Но Лир стоял на своем.

«Кроме того, в деревне я знаю одно лицо. Для театрального дела оно может очень даже пригодиться, дать толчок другим, да и само участвовать в спектаклях. Это лицо безусловно обогатит театральную жизнь в нашем королевстве. Упомянутое лицо владеет поместьем и, насколько мне известно, испытывает ко мне глубокое почтение, в отличие от тех господ, которых ты называл и с которыми поддерживаешь дружбу. Тебе, Джонсон, необходимо познакомиться с людьми, имеющими обо мне высокое, очень высокое мнение. Видящими во мне именно того короля, каким я и являюсь. Посему я настаиваю, чтобы ты туда поехал и дал себя просветить. Надо прислушиваться к словам моих друзей, надо прислушиваться к разным сторонам – и к той и к другой. В этом и состоит справедливость».

Джонсон не хотел сидеть перед королем, кроме того, у него слетела с головы шляпа – его единственная шляпа – и упала на пол (король, переступая с ноги на ногу, беззастенчиво топтал ее). Короче говоря, директор театра рвался встать и спасти шляпу, но не тут-то было, Лир надавил на его плечо, заставил снова сесть и слушать; стоя обеими ногами на злополучной шляпе, король изрек:

«Она – сторонница абсолютной монархии».

«Кто она?»

«Особа, о которой я изволю говорить. Она – вдова рыцаря, одного из моих самых храбрых воинов, он пал на поле брани в последнюю войну (хоть убей, не помню, кто это был). После его прискорбной смерти, после героической жертвенной кончины мужа, вдова искала уединения; она удалилась на лоно природы, вынашивает там свои идеи, не так давно послала мне несколько опусов, очень любопытных. Это должно тебя заинтересовать, Джонсон».

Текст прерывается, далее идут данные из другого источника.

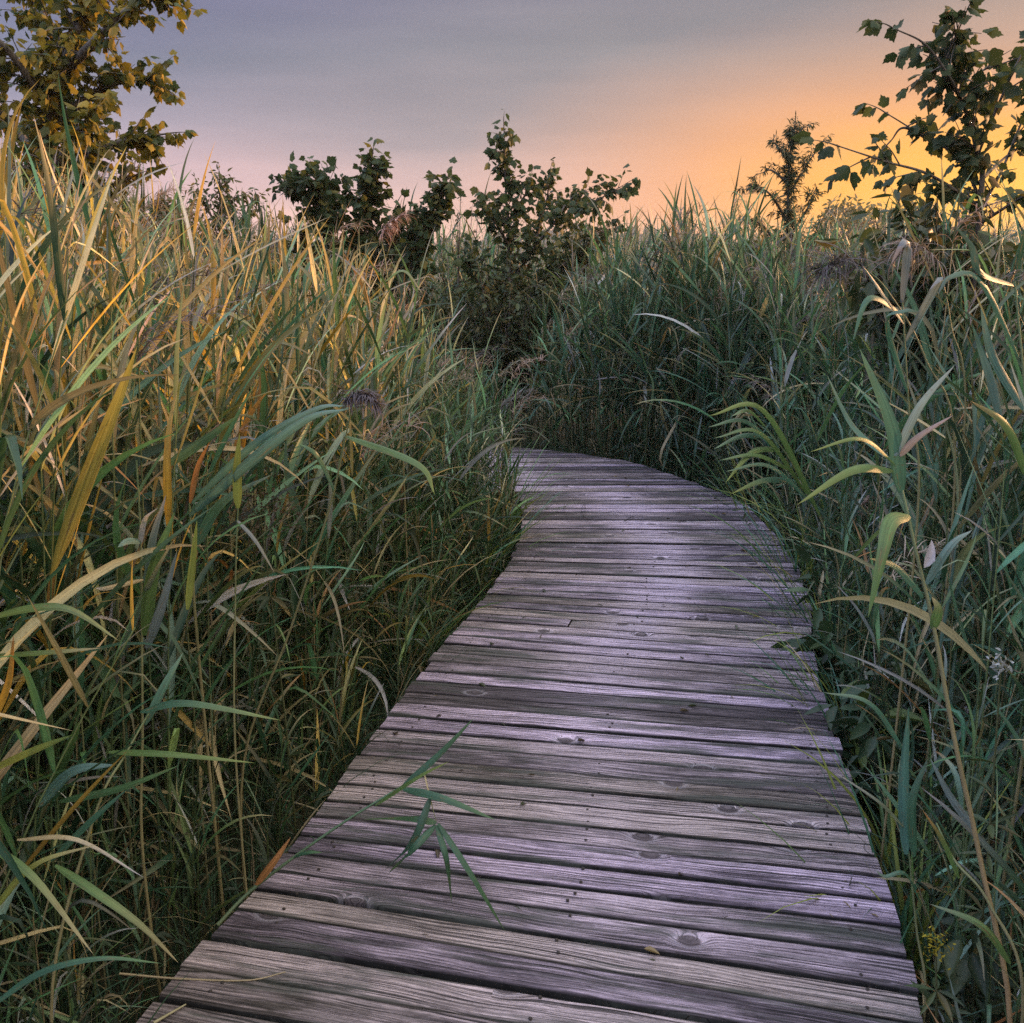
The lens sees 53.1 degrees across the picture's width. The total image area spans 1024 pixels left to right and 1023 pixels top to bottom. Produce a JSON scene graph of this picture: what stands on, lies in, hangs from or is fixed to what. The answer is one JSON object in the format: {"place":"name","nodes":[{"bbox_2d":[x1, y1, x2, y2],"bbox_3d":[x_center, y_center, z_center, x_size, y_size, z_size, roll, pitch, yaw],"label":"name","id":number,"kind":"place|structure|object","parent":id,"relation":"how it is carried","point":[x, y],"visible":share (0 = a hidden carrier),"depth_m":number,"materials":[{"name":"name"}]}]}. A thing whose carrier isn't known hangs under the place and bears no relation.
{"place":"outdoors","nodes":[
{"label":"outdoors","id":0,"kind":"place"},
{"bbox_2d":[0,104,1023,1022],"bbox_3d":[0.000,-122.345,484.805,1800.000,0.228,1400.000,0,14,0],"label":"ground","id":1,"kind":"structure","parent":0,"point":[240,881],"depth_m":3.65,"materials":[{"name":"green plant"}]},
{"bbox_2d":[0,839,47,931],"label":"reed","id":2,"kind":"object","parent":1,"relation":"on","point":[6,855],"visible":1,"depth_m":1.73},
{"bbox_2d":[0,624,65,805],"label":"reed","id":3,"kind":"object","parent":1,"relation":"on","point":[7,797],"visible":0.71,"depth_m":2.02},
{"bbox_2d":[0,175,69,695],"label":"reed","id":4,"kind":"object","parent":1,"relation":"on","point":[4,425],"visible":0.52,"depth_m":2.58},
{"bbox_2d":[0,469,93,1020],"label":"reed","id":5,"kind":"object","parent":1,"relation":"on","point":[19,602],"visible":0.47,"depth_m":2.51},
{"bbox_2d":[0,153,105,690],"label":"reed","id":6,"kind":"object","parent":1,"relation":"on","point":[26,272],"visible":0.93,"depth_m":1.98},
{"bbox_2d":[0,503,117,866],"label":"reed","id":7,"kind":"object","parent":1,"relation":"on","point":[7,805],"visible":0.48,"depth_m":2.36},
{"bbox_2d":[5,403,117,1013],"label":"reed","id":8,"kind":"object","parent":1,"relation":"on","point":[23,551],"visible":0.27,"depth_m":2.67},
{"bbox_2d":[0,467,126,967],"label":"reed","id":9,"kind":"object","parent":1,"relation":"on","point":[27,554],"visible":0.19,"depth_m":2.67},
{"bbox_2d":[0,256,136,1022],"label":"reed","id":10,"kind":"object","parent":1,"relation":"on","point":[3,475],"visible":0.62,"depth_m":2.27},
{"bbox_2d":[0,332,138,1015],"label":"reed","id":11,"kind":"object","parent":1,"relation":"on","point":[80,639],"visible":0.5,"depth_m":2.50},
{"bbox_2d":[0,179,139,956],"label":"reed","id":12,"kind":"object","parent":1,"relation":"on","point":[44,246],"visible":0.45,"depth_m":2.46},
{"bbox_2d":[0,303,145,764],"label":"reed","id":13,"kind":"object","parent":1,"relation":"on","point":[3,620],"visible":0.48,"depth_m":2.45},
{"bbox_2d":[0,278,150,1022],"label":"reed","id":14,"kind":"object","parent":1,"relation":"on","point":[14,693],"visible":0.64,"depth_m":2.10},
{"bbox_2d":[0,219,159,950],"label":"reed","id":15,"kind":"object","parent":1,"relation":"on","point":[10,579],"visible":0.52,"depth_m":2.18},
{"bbox_2d":[0,331,161,995],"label":"reed","id":16,"kind":"object","parent":1,"relation":"on","point":[47,501],"visible":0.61,"depth_m":2.48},
{"bbox_2d":[0,342,161,974],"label":"reed","id":17,"kind":"object","parent":1,"relation":"on","point":[1,510],"visible":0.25,"depth_m":2.64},
{"bbox_2d":[0,251,168,816],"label":"reed","id":18,"kind":"object","parent":1,"relation":"on","point":[24,692],"visible":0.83,"depth_m":2.07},
{"bbox_2d":[0,164,175,948],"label":"reed","id":19,"kind":"object","parent":1,"relation":"on","point":[79,349],"visible":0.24,"depth_m":2.80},
{"bbox_2d":[0,835,177,1001],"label":"reed","id":20,"kind":"object","parent":1,"relation":"on","point":[29,873],"visible":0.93,"depth_m":1.79,"materials":[{"name":"plant"}]},
{"bbox_2d":[1,404,177,1014],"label":"reed","id":21,"kind":"object","parent":1,"relation":"on","point":[31,659],"visible":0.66,"depth_m":2.32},
{"bbox_2d":[0,224,179,1022],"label":"reed","id":22,"kind":"object","parent":1,"relation":"on","point":[10,441],"visible":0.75,"depth_m":2.16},
{"bbox_2d":[5,234,177,1016],"bbox_3d":[-1.060,0.392,2.546,0.259,2.114,0.802,-12,18,-38],"label":"reed","id":23,"kind":"object","parent":1,"relation":"on","point":[105,469],"visible":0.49,"depth_m":2.39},
{"bbox_2d":[2,269,190,955],"bbox_3d":[-1.229,0.352,2.839,0.587,2.046,0.658,-3,15,-10],"label":"reed","id":24,"kind":"object","parent":1,"relation":"on","point":[64,678],"visible":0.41,"depth_m":2.60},
{"bbox_2d":[0,557,193,1013],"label":"reed","id":25,"kind":"object","parent":1,"relation":"on","point":[44,729],"visible":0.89,"depth_m":1.94,"materials":[{"name":"plant"}]},
{"bbox_2d":[0,81,196,1022],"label":"reed","id":26,"kind":"object","parent":1,"relation":"on","point":[7,592],"visible":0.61,"depth_m":2.36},
{"bbox_2d":[0,119,201,955],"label":"reed","id":27,"kind":"object","parent":1,"relation":"on","point":[54,408],"visible":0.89,"depth_m":2.02,"materials":[{"name":"plant"}]},
{"bbox_2d":[36,162,165,956],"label":"reed","id":28,"kind":"object","parent":1,"relation":"on","point":[87,448],"visible":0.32,"depth_m":2.66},
{"bbox_2d":[0,0,207,225],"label":"maple tree","id":29,"kind":"object","parent":1,"relation":"on","point":[67,58],"visible":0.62,"depth_m":7.57,"materials":[{"name":"green plant"}]},
{"bbox_2d":[1,243,207,955],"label":"reed","id":30,"kind":"object","parent":1,"relation":"on","point":[89,732],"visible":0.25,"depth_m":2.79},
{"bbox_2d":[0,143,214,1014],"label":"reed","id":31,"kind":"object","parent":1,"relation":"on","point":[86,481],"visible":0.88,"depth_m":2.09,"materials":[{"name":"plant"}]},
{"bbox_2d":[1,228,230,940],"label":"reed","id":32,"kind":"object","parent":1,"relation":"on","point":[100,412],"visible":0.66,"depth_m":2.74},
{"bbox_2d":[0,75,248,954],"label":"reed","id":33,"kind":"object","parent":1,"relation":"on","point":[103,501],"visible":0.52,"depth_m":2.62,"materials":[{"name":"plant"}]},
{"bbox_2d":[6,142,246,963],"bbox_3d":[-1.165,0.236,2.697,0.906,2.342,0.560,0,14,0],"label":"reed","id":34,"kind":"object","parent":1,"relation":"on","point":[49,260],"visible":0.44,"depth_m":2.59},
{"bbox_2d":[2,274,251,996],"bbox_3d":[-0.988,0.397,2.685,0.712,2.036,0.408,0,14,0],"label":"reed","id":35,"kind":"object","parent":1,"relation":"on","point":[130,548],"visible":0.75,"depth_m":2.56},
{"bbox_2d":[53,195,233,1013],"bbox_3d":[-0.881,0.296,2.742,0.458,2.202,1.019,-13,19,-42],"label":"reed","id":36,"kind":"object","parent":1,"relation":"on","point":[91,644],"visible":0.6,"depth_m":2.53,"materials":[{"name":"plant"}]},
{"bbox_2d":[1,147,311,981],"bbox_3d":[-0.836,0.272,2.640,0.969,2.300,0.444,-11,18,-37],"label":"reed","id":37,"kind":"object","parent":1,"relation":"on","point":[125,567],"visible":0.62,"depth_m":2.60,"materials":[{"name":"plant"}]},
{"bbox_2d":[38,653,277,1022],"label":"reed","id":38,"kind":"object","parent":1,"relation":"on","point":[58,783],"visible":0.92,"depth_m":2.06,"materials":[{"name":"plant"}]},
{"bbox_2d":[117,189,212,265],"bbox_3d":[-3.554,-1.851,10.334,1.236,2.687,0.622,0,14,0],"label":"slender tree","id":39,"kind":"object","parent":1,"relation":"on","point":[166,212],"visible":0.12,"depth_m":10.06,"materials":[{"name":"green plant"}]},
{"bbox_2d":[78,297,294,933],"bbox_3d":[-0.896,0.403,2.818,0.698,1.958,0.594,0,14,0],"label":"reed","id":40,"kind":"object","parent":1,"relation":"on","point":[179,574],"visible":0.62,"depth_m":2.81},
{"bbox_2d":[100,281,285,970],"bbox_3d":[-0.794,0.417,2.667,0.514,2.006,0.730,0,14,0],"label":"reed","id":41,"kind":"object","parent":1,"relation":"on","point":[168,493],"visible":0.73,"depth_m":2.53,"materials":[{"name":"plant"}]},
{"bbox_2d":[54,154,345,926],"bbox_3d":[-0.871,0.208,2.880,0.917,2.304,0.400,-12,19,-39],"label":"reed","id":42,"kind":"object","parent":1,"relation":"on","point":[231,414],"visible":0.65,"depth_m":2.80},
{"bbox_2d":[119,382,333,917],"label":"reed","id":43,"kind":"object","parent":1,"relation":"on","point":[182,716],"visible":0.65,"depth_m":2.92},
{"bbox_2d":[182,161,276,265],"bbox_3d":[-3.101,-2.276,11.304,1.126,3.028,0.536,0,14,0],"label":"slender tree","id":44,"kind":"object","parent":1,"relation":"on","point":[228,196],"visible":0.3,"depth_m":11.00,"materials":[{"name":"green plant"}]},
{"bbox_2d":[232,433,272,899],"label":"reed","id":45,"kind":"object","parent":1,"relation":"on","point":[237,490],"visible":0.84,"depth_m":2.52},
{"bbox_2d":[171,404,346,922],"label":"reed","id":46,"kind":"object","parent":1,"relation":"on","point":[292,425],"visible":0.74,"depth_m":2.52,"materials":[{"name":"plant"}]},
{"bbox_2d":[217,461,339,841],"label":"dried flower","id":47,"kind":"object","parent":1,"relation":"on","point":[264,602],"visible":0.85,"depth_m":3.07,"materials":[{"name":"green plant"}]},
{"bbox_2d":[267,649,366,765],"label":"leafy plant","id":48,"kind":"object","parent":1,"relation":"on","point":[308,717],"visible":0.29,"depth_m":4.16,"materials":[{"name":"green plant"}]},
{"bbox_2d":[240,387,434,900],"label":"reed","id":49,"kind":"object","parent":1,"relation":"on","point":[362,395],"visible":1,"depth_m":2.65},
{"bbox_2d":[216,718,504,930],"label":"reed","id":50,"kind":"object","parent":1,"relation":"on","point":[415,842],"visible":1,"depth_m":2.56,"materials":[{"name":"plant"}]},
{"bbox_2d":[268,137,466,322],"bbox_3d":[-1.291,-1.833,9.470,1.793,3.082,1.114,0,14,0],"label":"maple tree","id":51,"kind":"object","parent":1,"relation":"on","point":[323,190],"visible":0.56,"depth_m":9.06,"materials":[{"name":"green plant"}]},
{"bbox_2d":[314,222,459,376],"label":"leafy shrub","id":52,"kind":"object","parent":1,"relation":"on","point":[445,307],"visible":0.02,"depth_m":9.44,"materials":[{"name":"green plant"}]},
{"bbox_2d":[297,525,507,690],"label":"grass tuft","id":53,"kind":"object","parent":1,"relation":"on","point":[446,630],"visible":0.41,"depth_m":4.88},
{"bbox_2d":[438,197,482,405],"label":"leafy shrub","id":54,"kind":"object","parent":1,"relation":"on","point":[458,248],"visible":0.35,"depth_m":10.69,"materials":[{"name":"green plant"}]},
{"bbox_2d":[403,468,568,608],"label":"grass tuft","id":55,"kind":"object","parent":1,"relation":"on","point":[492,552],"visible":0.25,"depth_m":5.90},
{"bbox_2d":[431,243,577,438],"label":"leafy shrub","id":56,"kind":"object","parent":1,"relation":"on","point":[482,329],"visible":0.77,"depth_m":9.70,"materials":[{"name":"green plant"}]},
{"bbox_2d":[442,431,576,560],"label":"grass tuft","id":57,"kind":"object","parent":1,"relation":"on","point":[519,513],"visible":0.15,"depth_m":6.73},
{"bbox_2d":[0,415,1023,1022],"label":"ground cover","id":58,"kind":"object","parent":1,"relation":"on","point":[162,935],"visible":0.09,"depth_m":3.36,"materials":[{"name":"green plant"}]},
{"bbox_2d":[0,603,118,768],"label":"reed","id":59,"kind":"object","parent":58,"relation":"on","point":[4,694],"visible":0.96,"depth_m":1.92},
{"bbox_2d":[96,460,196,994],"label":"reed","id":60,"kind":"object","parent":58,"relation":"on","point":[150,618],"visible":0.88,"depth_m":2.34,"materials":[{"name":"plant"}]},
{"bbox_2d":[378,210,422,674],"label":"reed","id":61,"kind":"object","parent":58,"relation":"on","point":[385,228],"visible":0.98,"depth_m":4.29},
{"bbox_2d":[136,445,922,1022],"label":"boardwalk","id":62,"kind":"structure","parent":1,"relation":"on","point":[594,845],"depth_m":3.00,"materials":[{"name":"grey wood"}]},
{"bbox_2d":[119,971,285,981],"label":"dry stalk","id":63,"kind":"object","parent":62,"relation":"on","point":[152,976],"visible":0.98,"depth_m":2.38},
{"bbox_2d":[446,111,640,446],"bbox_3d":[0.291,-2.261,10.440,1.875,3.428,1.526,0,14,0],"label":"maple tree","id":64,"kind":"object","parent":1,"relation":"on","point":[576,205],"visible":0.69,"depth_m":10.06,"materials":[{"name":"green plant"}]},
{"bbox_2d":[543,220,627,444],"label":"leafy shrub","id":65,"kind":"object","parent":1,"relation":"on","point":[575,248],"visible":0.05,"depth_m":10.55,"materials":[{"name":"green plant"}]},
{"bbox_2d":[187,222,1018,254],"bbox_3d":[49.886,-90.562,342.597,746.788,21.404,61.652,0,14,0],"label":"distant wood","id":66,"kind":"object","parent":1,"relation":"on","point":[550,232],"visible":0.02,"depth_m":330.74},
{"bbox_2d":[669,437,818,527],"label":"grass tuft","id":67,"kind":"object","parent":1,"relation":"on","point":[745,500],"visible":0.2,"depth_m":6.87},
{"bbox_2d":[714,432,792,515],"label":"leafy plant","id":68,"kind":"object","parent":1,"relation":"on","point":[722,465],"visible":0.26,"depth_m":7.14,"materials":[{"name":"green plant"}]},
{"bbox_2d":[681,482,853,610],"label":"grass tuft","id":69,"kind":"object","parent":1,"relation":"on","point":[810,564],"visible":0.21,"depth_m":5.63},
{"bbox_2d":[709,401,840,706],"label":"reed","id":70,"kind":"object","parent":1,"relation":"on","point":[754,452],"visible":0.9,"depth_m":3.84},
{"bbox_2d":[731,111,834,284],"bbox_3d":[2.248,-1.682,8.638,0.994,3.202,0.677,0,14,0],"label":"cedar sapling","id":71,"kind":"object","parent":1,"relation":"on","point":[787,155],"visible":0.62,"depth_m":8.36,"materials":[{"name":"green plant"}]},
{"bbox_2d":[700,434,904,603],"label":"grass tuft","id":72,"kind":"object","parent":1,"relation":"on","point":[792,521],"visible":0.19,"depth_m":5.99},
{"bbox_2d":[708,512,932,688],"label":"grass tuft","id":73,"kind":"object","parent":1,"relation":"on","point":[784,583],"visible":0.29,"depth_m":4.66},
{"bbox_2d":[770,544,876,726],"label":"leafy plant","id":74,"kind":"object","parent":1,"relation":"on","point":[818,614],"visible":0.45,"depth_m":4.28,"materials":[{"name":"green plant"}]},
{"bbox_2d":[806,194,877,250],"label":"marsh tree","id":75,"kind":"object","parent":1,"relation":"on","point":[851,209],"visible":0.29,"depth_m":71.44,"materials":[{"name":"green plant"}]},
{"bbox_2d":[719,604,990,798],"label":"grass tuft","id":76,"kind":"object","parent":1,"relation":"on","point":[795,685],"visible":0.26,"depth_m":3.96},
{"bbox_2d":[804,655,922,834],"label":"leafy plant","id":77,"kind":"object","parent":1,"relation":"on","point":[836,723],"visible":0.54,"depth_m":3.54,"materials":[{"name":"green plant"}]},
{"bbox_2d":[784,241,955,868],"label":"reed","id":78,"kind":"object","parent":1,"relation":"on","point":[830,264],"visible":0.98,"depth_m":2.88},
{"bbox_2d":[733,732,1023,1014],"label":"grass tuft","id":79,"kind":"object","parent":1,"relation":"on","point":[901,908],"visible":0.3,"depth_m":2.89,"materials":[{"name":"plant"}]},
{"bbox_2d":[773,712,1016,924],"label":"grass tuft","id":80,"kind":"object","parent":1,"relation":"on","point":[888,848],"visible":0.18,"depth_m":3.15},
{"bbox_2d":[824,692,970,1022],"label":"reed","id":81,"kind":"object","parent":1,"relation":"on","point":[907,803],"visible":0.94,"depth_m":2.23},
{"bbox_2d":[864,239,942,868],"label":"reed","id":82,"kind":"object","parent":1,"relation":"on","point":[935,286],"visible":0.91,"depth_m":2.54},
{"bbox_2d":[797,350,1012,1022],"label":"reed","id":83,"kind":"object","parent":1,"relation":"on","point":[899,449],"visible":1,"depth_m":1.91,"materials":[{"name":"plant"}]},
{"bbox_2d":[791,0,1023,681],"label":"maple tree","id":84,"kind":"object","parent":1,"relation":"on","point":[964,153],"visible":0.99,"depth_m":4.17,"materials":[{"name":"green plant"}]},
{"bbox_2d":[809,402,1008,941],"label":"reed","id":85,"kind":"object","parent":1,"relation":"on","point":[946,750],"visible":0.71,"depth_m":2.64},
{"bbox_2d":[865,232,965,854],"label":"reed","id":86,"kind":"object","parent":1,"relation":"on","point":[918,247],"visible":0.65,"depth_m":2.99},
{"bbox_2d":[847,757,987,991],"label":"reed","id":87,"kind":"object","parent":1,"relation":"on","point":[942,903],"visible":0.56,"depth_m":2.74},
{"bbox_2d":[814,182,1023,627],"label":"leafy shrub","id":88,"kind":"object","parent":1,"relation":"on","point":[924,227],"visible":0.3,"depth_m":4.42,"materials":[{"name":"green plant"}]},
{"bbox_2d":[815,377,1023,1013],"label":"reed","id":89,"kind":"object","parent":1,"relation":"on","point":[947,630],"visible":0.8,"depth_m":2.48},
{"bbox_2d":[847,592,998,763],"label":"leafy plant","id":90,"kind":"object","parent":1,"relation":"on","point":[888,668],"visible":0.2,"depth_m":3.92,"materials":[{"name":"green plant"}]},
{"bbox_2d":[843,491,1023,940],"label":"reed","id":91,"kind":"object","parent":1,"relation":"on","point":[992,559],"visible":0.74,"depth_m":2.65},
{"bbox_2d":[904,925,971,1022],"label":"goldenrod","id":92,"kind":"object","parent":1,"relation":"on","point":[947,1007],"visible":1,"depth_m":2.22,"materials":[{"name":"green plant"}]},
{"bbox_2d":[863,643,1023,864],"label":"leafy plant","id":93,"kind":"object","parent":1,"relation":"on","point":[922,684],"visible":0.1,"depth_m":3.39,"materials":[{"name":"green plant"}]},
{"bbox_2d":[887,498,1010,718],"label":"leafy plant","id":94,"kind":"object","parent":1,"relation":"on","point":[973,559],"visible":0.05,"depth_m":4.39,"materials":[{"name":"green plant"}]},
{"bbox_2d":[897,708,1023,1019],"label":"reed","id":95,"kind":"object","parent":1,"relation":"on","point":[960,793],"visible":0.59,"depth_m":2.53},
{"bbox_2d":[927,684,1003,948],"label":"reed","id":96,"kind":"object","parent":1,"relation":"on","point":[953,790],"visible":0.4,"depth_m":2.88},
{"bbox_2d":[912,870,1020,1022],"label":"reed","id":97,"kind":"object","parent":1,"relation":"on","point":[965,948],"visible":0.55,"depth_m":2.37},
{"bbox_2d":[916,628,1023,931],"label":"reed","id":98,"kind":"object","parent":1,"relation":"on","point":[1004,804],"visible":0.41,"depth_m":2.82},
{"bbox_2d":[916,535,1023,926],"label":"reed","id":99,"kind":"object","parent":1,"relation":"on","point":[996,777],"visible":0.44,"depth_m":2.79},
{"bbox_2d":[917,785,1023,945],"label":"leafy plant","id":100,"kind":"object","parent":1,"relation":"on","point":[979,897],"visible":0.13,"depth_m":2.98,"materials":[{"name":"green plant"}]},
{"bbox_2d":[919,678,1023,1016],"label":"reed","id":101,"kind":"object","parent":1,"relation":"on","point":[977,799],"visible":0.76,"depth_m":2.48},
{"bbox_2d":[921,595,1023,863],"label":"reed","id":102,"kind":"object","parent":1,"relation":"on","point":[999,774],"visible":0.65,"depth_m":2.82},
{"bbox_2d":[922,558,1023,892],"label":"reed","id":103,"kind":"object","parent":1,"relation":"on","point":[994,854],"visible":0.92,"depth_m":2.09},
{"bbox_2d":[923,811,1023,1022],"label":"reed","id":104,"kind":"object","parent":1,"relation":"on","point":[989,933],"visible":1,"depth_m":1.99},
{"bbox_2d":[924,369,1023,910],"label":"reed","id":105,"kind":"object","parent":1,"relation":"on","point":[1017,617],"visible":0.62,"depth_m":2.81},
{"bbox_2d":[926,362,1023,924],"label":"reed","id":106,"kind":"object","parent":1,"relation":"on","point":[1020,688],"visible":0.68,"depth_m":2.59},
{"bbox_2d":[933,911,1020,1022],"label":"leafy plant","id":107,"kind":"object","parent":1,"relation":"on","point":[966,966],"visible":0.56,"depth_m":2.38,"materials":[{"name":"green plant"}]},
{"bbox_2d":[938,226,1023,923],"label":"reed","id":108,"kind":"object","parent":1,"relation":"on","point":[1009,387],"visible":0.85,"depth_m":2.21,"materials":[{"name":"plant"}]},
{"bbox_2d":[945,648,1022,1022],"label":"white flower","id":109,"kind":"object","parent":1,"relation":"on","point":[989,863],"visible":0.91,"depth_m":2.37,"materials":[{"name":"green plant"}]},
{"bbox_2d":[969,681,1023,1019],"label":"reed","id":110,"kind":"object","parent":1,"relation":"on","point":[1020,744],"visible":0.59,"depth_m":2.43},
{"bbox_2d":[985,764,1023,1022],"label":"reed","id":111,"kind":"object","parent":1,"relation":"on","point":[998,868],"visible":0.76,"depth_m":2.29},
{"bbox_2d":[0,0,1023,245],"label":"sky","id":112,"kind":"structure","parent":0,"point":[663,89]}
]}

Джонсон (его шляпу уже нельзя было спасти) покорился своей участи и спросил:

«Стало быть, мне надо ехать к ней?»

«Ее зовут Имоджин Перш. Муж ее, как сказано, погиб. Ты передашь даме мои поклоны и несколько подарков, их принесет тебе мой гофмейстер. Пробудешь там дня два-три, беседы с ней, несомненно, принесут тебе пользу. Убытки за несостоявшиеся представления я тебе возмещу. А потом ты пригласишь ее».

«Я должен пригласить эту даму ко двору?»

«Во время беседы все выяснится, ты узнаешь, что ей можно предложить. Но во всех случаях, Джонсон, ты привезешь ее с собой. Я на тебя полагаюсь. Понятно?»

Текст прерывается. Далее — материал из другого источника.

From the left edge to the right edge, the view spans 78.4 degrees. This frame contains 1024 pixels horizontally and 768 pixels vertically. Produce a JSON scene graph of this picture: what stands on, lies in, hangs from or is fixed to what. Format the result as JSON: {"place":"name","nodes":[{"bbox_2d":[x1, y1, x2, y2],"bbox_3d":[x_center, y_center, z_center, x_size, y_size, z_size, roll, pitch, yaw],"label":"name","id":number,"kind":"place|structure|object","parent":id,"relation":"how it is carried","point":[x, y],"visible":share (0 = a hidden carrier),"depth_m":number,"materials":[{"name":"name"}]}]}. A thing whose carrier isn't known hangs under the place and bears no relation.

Лир отступил на несколько шагов, из-под его ног показалась полураздавленная шляпа. Джонсон нагнулся, стал разглаживать и выпрямлять шляпу. Он все понял.

«Ты привезешь ее сюда!» – рявкнул Лир.

«Я понял», – повторил Джонсон с испугом. Аудиенция закончилась.

С той же кислой миной и гордой осанкой, с какой Джонсон прошествовал к королю, он вернулся от него и прошел через приемную, полную настороженно наблюдавших за ним придворных, ожидания которых он обманул. Ничего из того, что должно было случиться, не случилось: ни броска, ни полета, ни гримас, ни приземления на каменных плитах двора. Никто не услышал, как Джонсон грохнулся, никто не услышал его охов и вздохов.

Он был и оставался неудобным субъектом.

Так начались мытарства Джонсона. Только уже в дороге, сидя в карете, предоставленной ему королем, директор вдруг сообразил, что лишь по странному недомыслию он мог взять на себя столь неблаговидную роль – поехать за новой наложницей для короля Лира. Он, Джонсон, должен сделаться сводником у этого короля Лира! Стать на одну доску со всеми дворцовыми лизоблюдами и подхалимами!

Как это случилось? Он растерялся из-за шляпы, которую топтал король. И потом, Лир отослал его еще до того, как он успел ответить. Джонсон был тугодум.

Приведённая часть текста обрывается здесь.